Up to the present there is no one who has received both prizes, only one physicist has been awarded the Fields Medal, but not the Nobel Prize: Edward Witten in 1990. The Fields Medal has been awarded since 1936 and has an age limit of forty years. The latter would have been just enough for Emmy Noether, who was thirty-nine years old when her most famous (mathematical) paper was published in 1921. The Nobel Prize in Physics was awarded in 1901 and Emmy Noether more than deserved it, but the value of her work in 1918 was not recognized as fundamentally important until well after her death.

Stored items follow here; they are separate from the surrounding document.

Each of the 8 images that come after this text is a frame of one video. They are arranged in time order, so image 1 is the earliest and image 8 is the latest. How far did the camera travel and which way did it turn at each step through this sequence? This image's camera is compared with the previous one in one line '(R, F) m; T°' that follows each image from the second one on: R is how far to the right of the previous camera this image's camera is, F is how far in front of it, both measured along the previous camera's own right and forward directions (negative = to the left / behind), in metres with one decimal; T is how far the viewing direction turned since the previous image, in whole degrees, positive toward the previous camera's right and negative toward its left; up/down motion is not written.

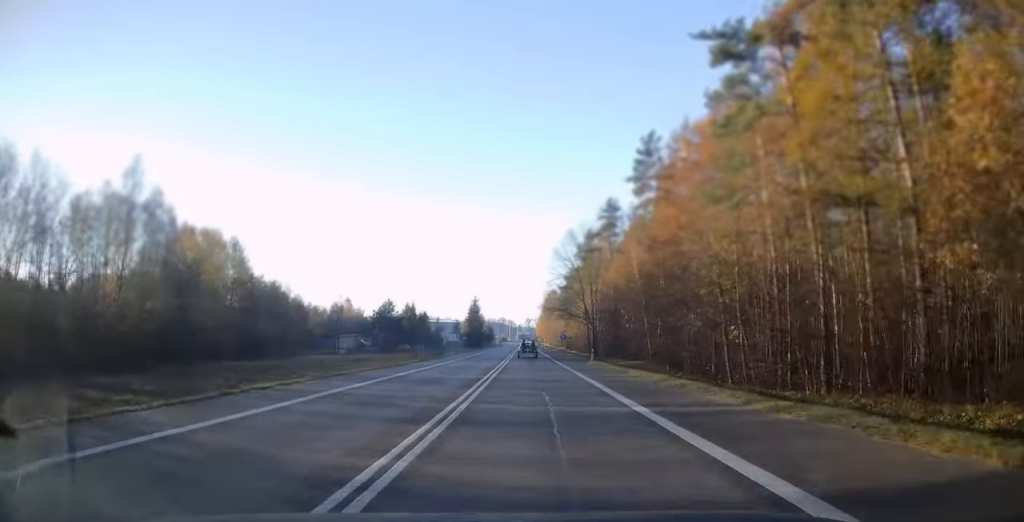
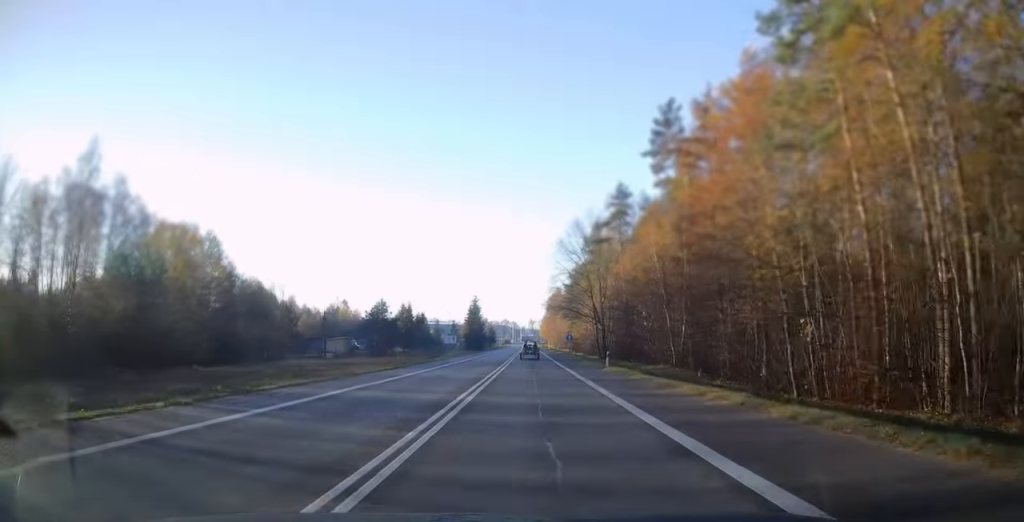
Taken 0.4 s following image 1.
(0.0, +8.1) m; 0°
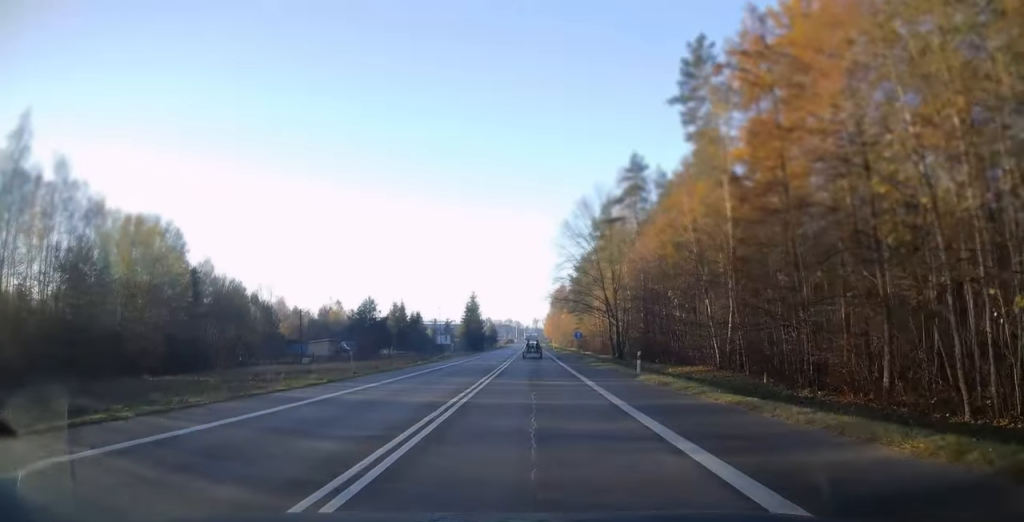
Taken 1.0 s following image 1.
(0.0, +10.7) m; 0°
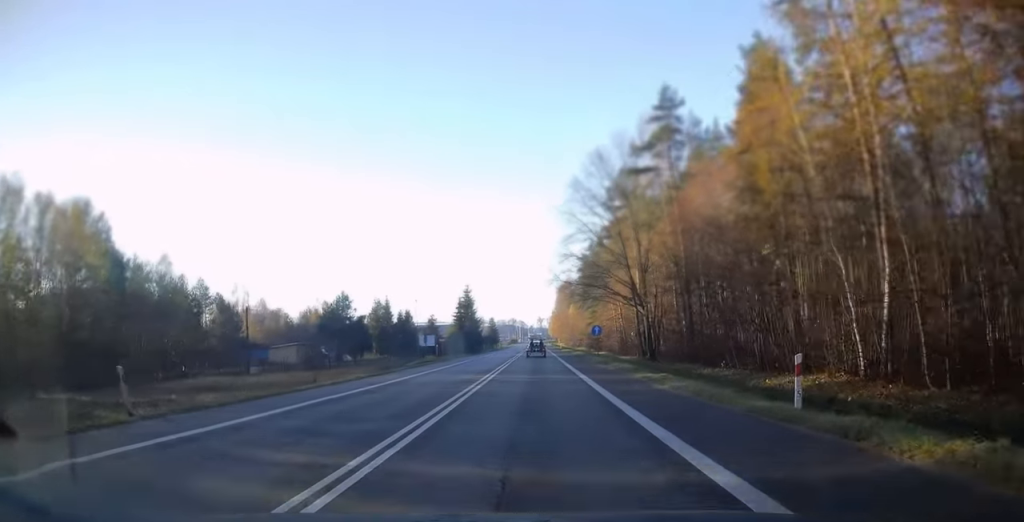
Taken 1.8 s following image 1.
(-0.1, +16.5) m; 0°
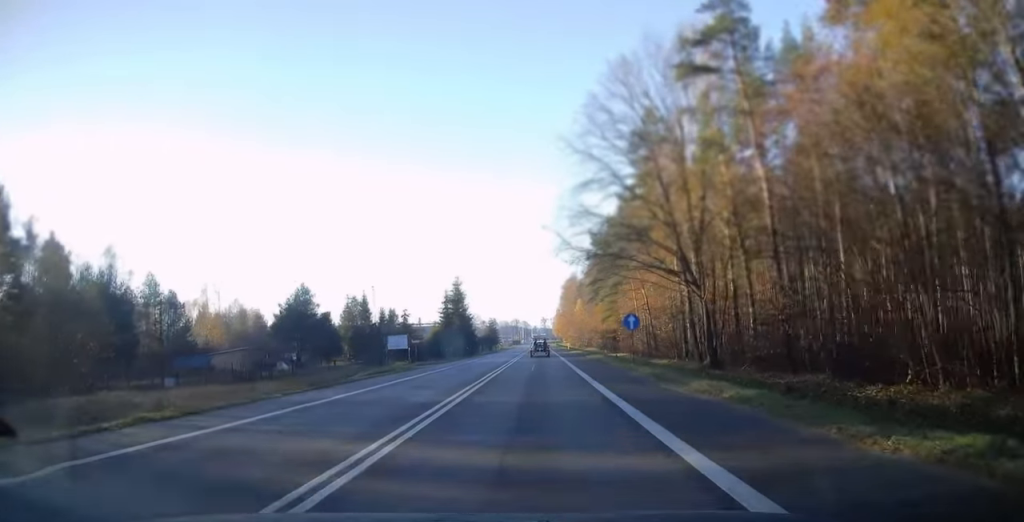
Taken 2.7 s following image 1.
(0.0, +16.8) m; 0°
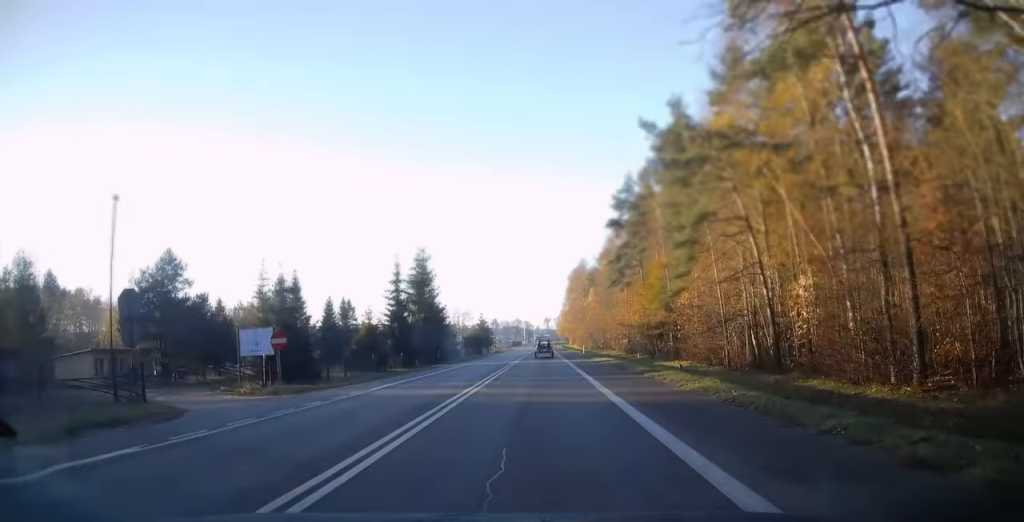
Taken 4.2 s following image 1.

Even beyond her mathematical brilliance, Emmy Noether was a great idol in her personality, her attitude and her humanly fascinating, warm-hearted behavior toward others. Above all, she did not have the ambition of always wanting to be in the foreground, as is often the case with men, even in mathematics.

Even today, Emmy Noether can be considered a great role model for many girls and women: Because of her strength to do the opposite of what society expected of her as a woman at that time; because of her inner strength to follow her goal against many a male resistance, and this at a time when women were still considered intellectually inferior to men; also because of her energy and assertiveness; because of her self-assurance and belief in her destiny; because of her determination to courageously go her own way; last but not least, because of her warm-heartedness towards all people, even potential enemies.

It then took another twenty-two years after Emmy Noether’s death, as we have seen, for the first German woman to become a full professor of mathematics at a university: Ruth Moufang was only the third German woman after Emmy Noether to achieve a habilitation. Yet, even in the 1960s, women were not yet properly recognized as professors in general. A shameful example of this was that during the annual meeting of Nobel laureates in Lindau, Ruth Moufang, as an official delegate of the rector of Frankfurt University, was not allowed to participate in the scientific program, but only in the so-called “ladies’ program.”

Today, there are numerous female professors of mathematics worldwide. Emmy Noether, however, probably still towers above the vast majority of them: in a display at the 1964 World’s Fair that depicted and described the important mathematicians of the modern world, she was the only woman. Would a woman join them in a world’s fair today? Hardly – except probably Maryam Mirzakhani, who died in 2017 at the age of forty, one of only two female winners of the Fields Medal to date (the second very recently, in 2022).